We disagree with the trial court’s last stated holding1 and feel that the cited cases, if anything, support the opposite *414result. The district court’s suggestion that a search warrant is required once a car is firmly in police custody because there is time to secure such a warrant without risking the loss of evidence is an inaccurate statement of the law. As the Supreme Court noted in Cady it has sustained “warrantless searches of vehicles by state officers ... in which the possibilities of the vehicle’s being removed or evidence in it destroyed were remote, if not nonexistent.” Cady v. Dombrowski, 413 U.S. at 441 — 42, 93 S.Ct. at 2528, citing Harris v. United States, 390 U.S. 234, 88 S.Ct. 992, 19 L.Ed.2d 1067 (1968) (permissible to conduct inventory search of car in police custody without a warrant), and Cooper v. California, 386 U.S. 58, 91 S.Ct. 2022, 29 L.Ed.2d 564 (1967) (permissible to search forfeited car without a warrant).
From these decisions and the decisions of this court, the law is well settled that when a car is seized by the federal agents pursuant to 49 U.S.C. § 782, on the grounds that it was used to transport contraband, the agents may search the car without a warrant. “If agents have probable cause to believe that a car is or has been used for carrying contraband, they may summarily seize it pursuant to the federal forfeiture statute and search it.” United States v. Capra, 501 F.2d 267, 280 (2d Cir. 1974), cert. denied, 420 U.S. 990, 95 S.Ct. 1424, 43 L.Ed.2d 670 (1975). See also United States v. Francolino, 367 F.2d 1013, 1018-23 (2d Cir. 1966), cert. denied, 386 U.S. 960, 87 S.Ct. 1020, 18 L.Ed.2d 110 (1967); United States v. LaVecchia, 513 F.2d 1210, 1215-1217 (2d Cir. 1975). The rationale underlying these decisions is that where the car is properly seized by the police pursuant to a forfeiture statute, they have a greater possessory interest in the car than the owner. The same principles should apply when a statute authorizes the police to seize a car that they have probable cause to believe is stolen. Indeed, in Francolino, where we first discussed this rule, we relied heavily on Boyd v. United States, 116 U.S. 616, 623, 6 S.Ct. 524, 528, 29 L.Ed. 746 (1886) where Justice Bradley wrote:
“The search for and seizure of stolen or forfeited goods, or goods liable to duties and concealed to avoid the payment thereof, are totally different things from a search for and seizure of a man’s private books and papers for the purpose of obtaining information therein contained, or of using them as evidence against him. The two things differ toto coelo. In the one case, the government is entitled to the possession of the property; in the other it is not. The seizure of stolen goods is authorized by the common law. . ."
As the trial court held, Johansen had probable cause to arrest Zaicek on the ground that the car was stolen, and Zai-cek does not cross appeal from that holding. Under New York law a police officer “shall have power to seize any motor vehicle or motorcycle in the state where there is good reason to believe that such motor vehicle or motorcycle has been stolen . . . .” N.Y.Vehicle & Traffic Law § 424(3) (McKinney’s Consol. Laws, c. 71, 1970). “The statute also directs an officer who seizes a car to go before a magistrate for a determination of the appropriate disposition of the car.

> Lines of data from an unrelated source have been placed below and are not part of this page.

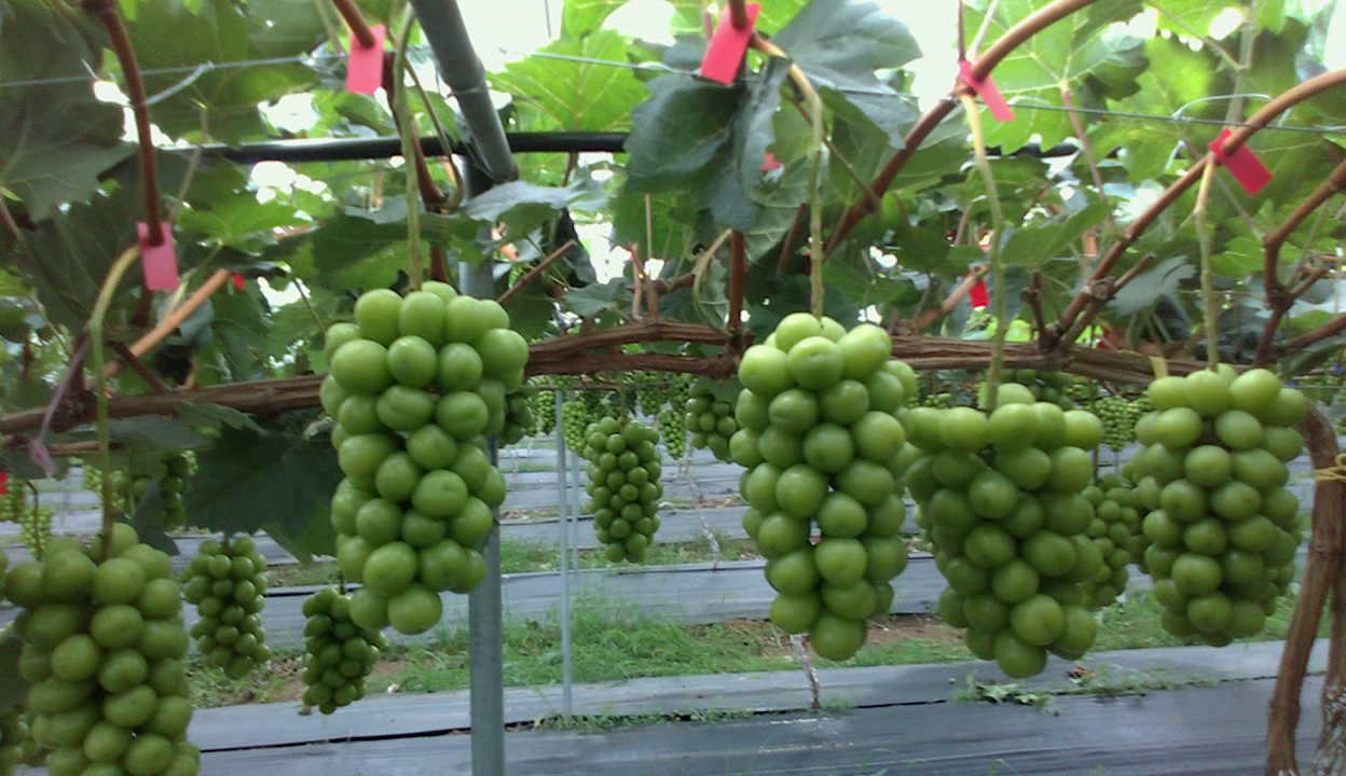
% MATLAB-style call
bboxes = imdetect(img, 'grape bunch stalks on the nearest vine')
[393,5,421,290]
[1195,152,1217,371]
[752,30,825,317]
[90,240,139,559]
[960,94,1005,411]
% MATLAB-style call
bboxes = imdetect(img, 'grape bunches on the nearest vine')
[907,383,1102,679]
[1132,365,1306,648]
[730,311,922,663]
[2,523,201,775]
[319,283,527,633]

While perhaps it is true, as the dissent argues, that it would have been possible for the officers to have obtained a search warrant when they appeared before the magistrate pursuant to the seizure statute, we do not think that they were required to do so. The issue is not whether it would have been convenient or easy for the officers to obtain a warrant; the issue is whether they had a possessory interest in the car superior to that of Zaicek. In this ease they clearly did.
The district court found that the officers had probable cause to arrest Zaicek on the ground that the car was stolen. Thus, there is no doubt that they had “good reason to believe” that the car was stolen as is required by the New York statute. In this case it is particularly easy to conclude that Zaicek’s inter*415est in the car was non-existent or at least inferior to that of the police since he did not own the car, but had stolen it. In addition, the actual owner of the car had requested the police to seize it.

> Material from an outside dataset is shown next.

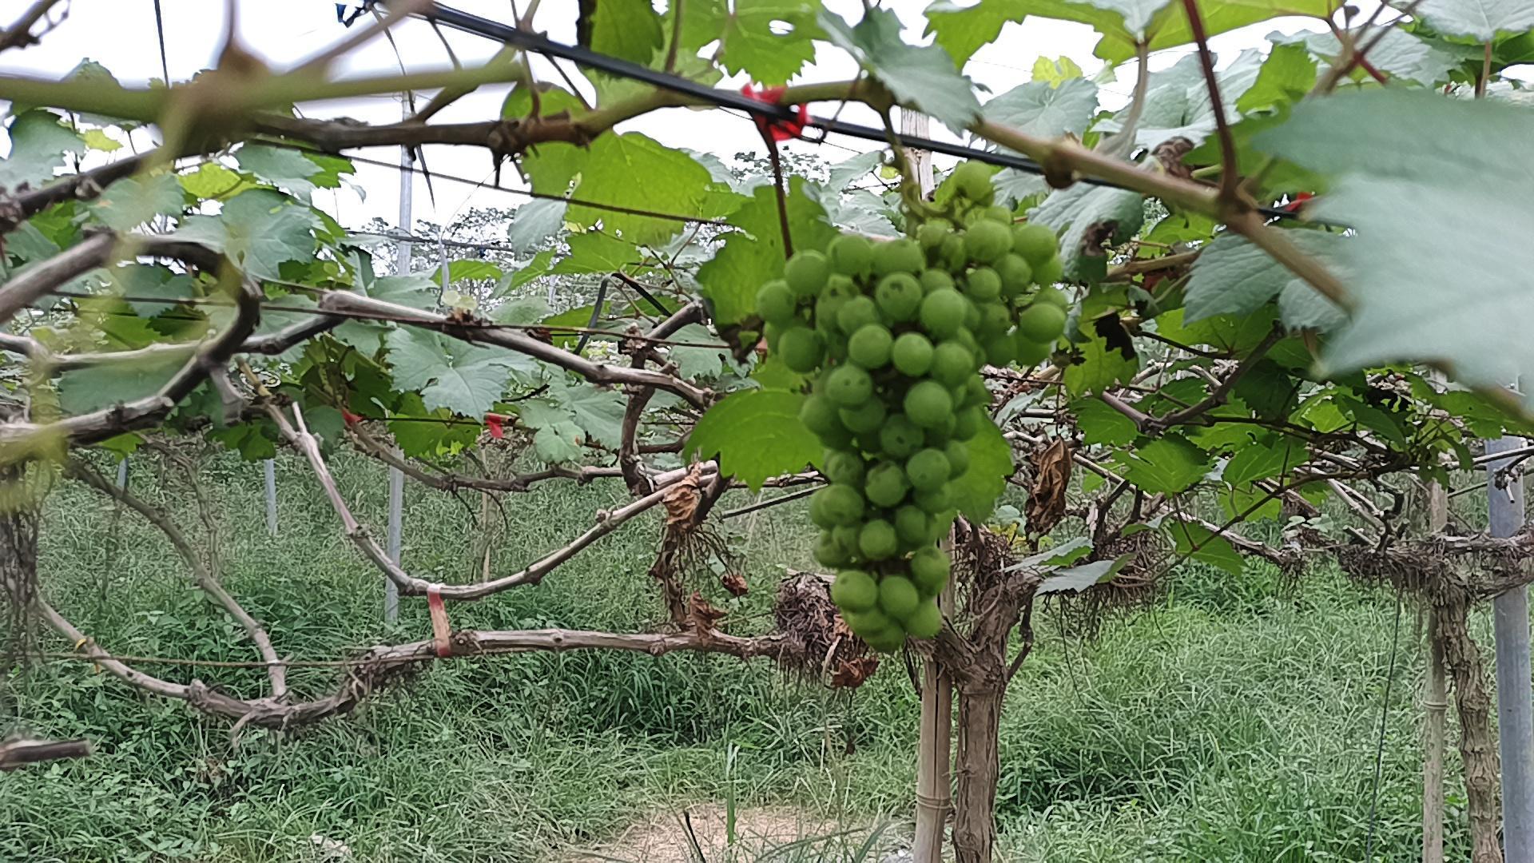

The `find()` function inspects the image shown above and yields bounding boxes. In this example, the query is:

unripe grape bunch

Thus, the ear was properly seized by the police. Following Francolino, we hold that once the police have properly seized a car pursuant to a statute because they have reasonable grounds for believing it has been stolen, they have the authority to search the car without a warrant.

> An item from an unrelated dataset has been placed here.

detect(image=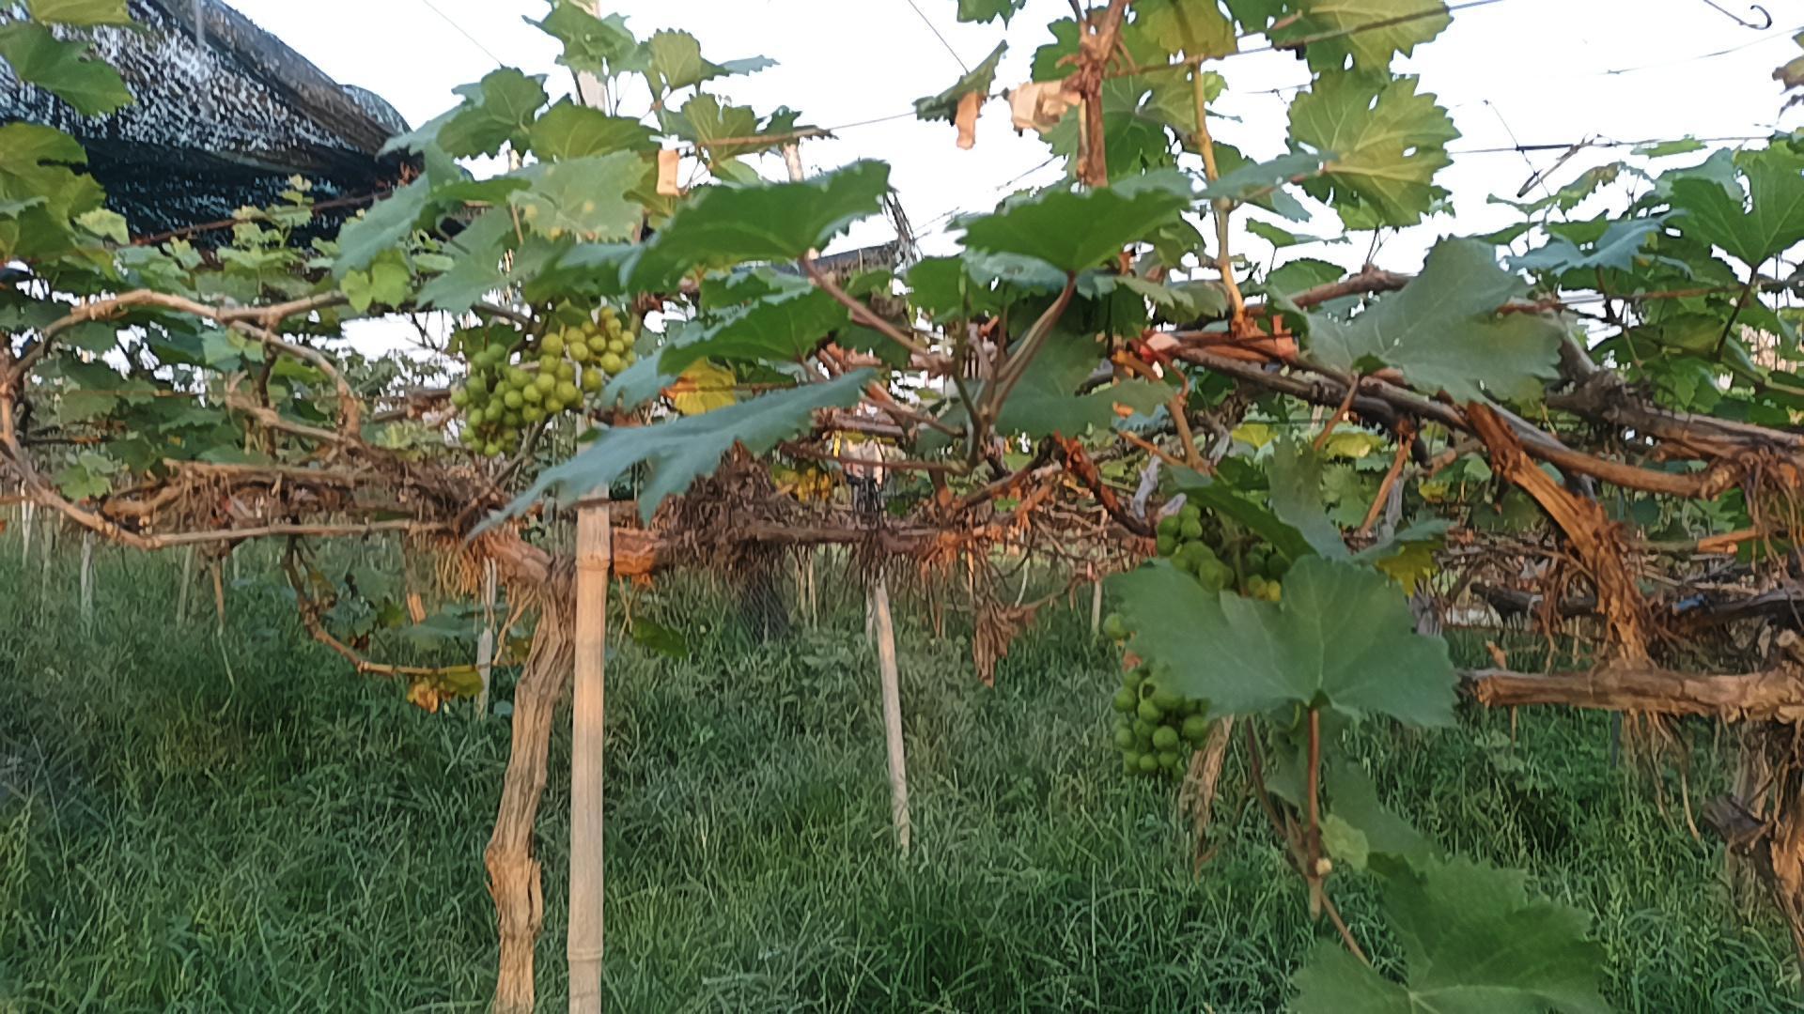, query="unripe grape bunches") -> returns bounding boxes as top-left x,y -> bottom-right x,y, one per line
1103,505 -> 1288,776
452,306 -> 641,455

Cooper v. California, supra, one of the cases cited by the district court in support of its decision, in fact supports the position we adopt here. In that case the Supreme Court ruled that a warrantless search did not violate the Fourth Amendment where a state statute authorized the seizure of a car used to transport narcotics and where “[the officers] seized [the car] because of the crime for which they arrested petitioner.” 386 U.S. at 61, 87 S.Ct. at 791.2 Here a state statute authorizes the seizure of an automobile which is believed to have been stolen and the seizure was certainly related to the crime for which Zaicek was arrested.3
Thus, we reverse the decision of the district court. The state officers had probable cause to believe the car was stolen and under a New York statute they had the authority to and did seize the car. Once property seized by the police pursuant to a statute, such stolen or forfeitable property can be searched by them without a warrant.4
Reversed.

. We see no need to pass on the district court’s rulings that the search was not incident to an arrest or an inventory search.

. The Court in Cooper agreed that the lower court there was correct in stating that “lawful custody of an automobile does not of itself dispense with constitutional requirements of searches thereafter made of it.” 386 U.S. at 61, 87 S.Ct. at 791. We think, however, that Cooper went on to recognize a distinction between cases where the police have seized a car pursuant to a statute and where they simply assumed custody of a car when they arrested the driver for an unrelated crime. In the latter case they are only providing a parking place for the car until the owner can make other arrangements to store it; in the former case, they have a statutorily based possessory interest in the car which is superior to that of the person from whom they seized it. As Justice Brennan explained in Cady v. Dombrowski, supra, at 453 (dissenting opinion), Cooper stands for the proposition that when the police have properly seized a car, they are “authorized to treat the car in their custody as if it were their own, and the search [is] sustainable as an integral part of their right of retention.”

. The two other Supreme Court cases cited by the district court are not at all inconsistent with our decision. In Coolidge v. New Hampshire, supra, the plethora of opinions make it unclear exactly what the court held. However, Justice Stewart’s opinion for the Court, which took the most restrictive view of when warrantless searches were permissible, stressed that Coolidge did not involve contraband or stolen property. See 403 U.S. at 462, 472, 91 S.Ct. 2022. The suggestion was, of course, that a different result might be appropriate if contraband or stolen property was involved.
Cady v. Dombrowski, supra, cited in passing by the district court basically involved an inventory search. However, the Supreme Court upheld the warrantless search in part because the police had arranged to have the car held in a private parking lot and therefore exercised a form of custody or control over the car. (The Court also relied on the fact that the police knew that a gun was in the car and that it was standard procedure to remove such a weapon to protect the public.) In this case the police had more than the mere custody relied upon in Cady; they had rightfully seized the car pursuant to statute.

. No claim has been made concerning the scope of the search. However, it appears that it was not as broad as the search we upheld in United States v. Capra, supra.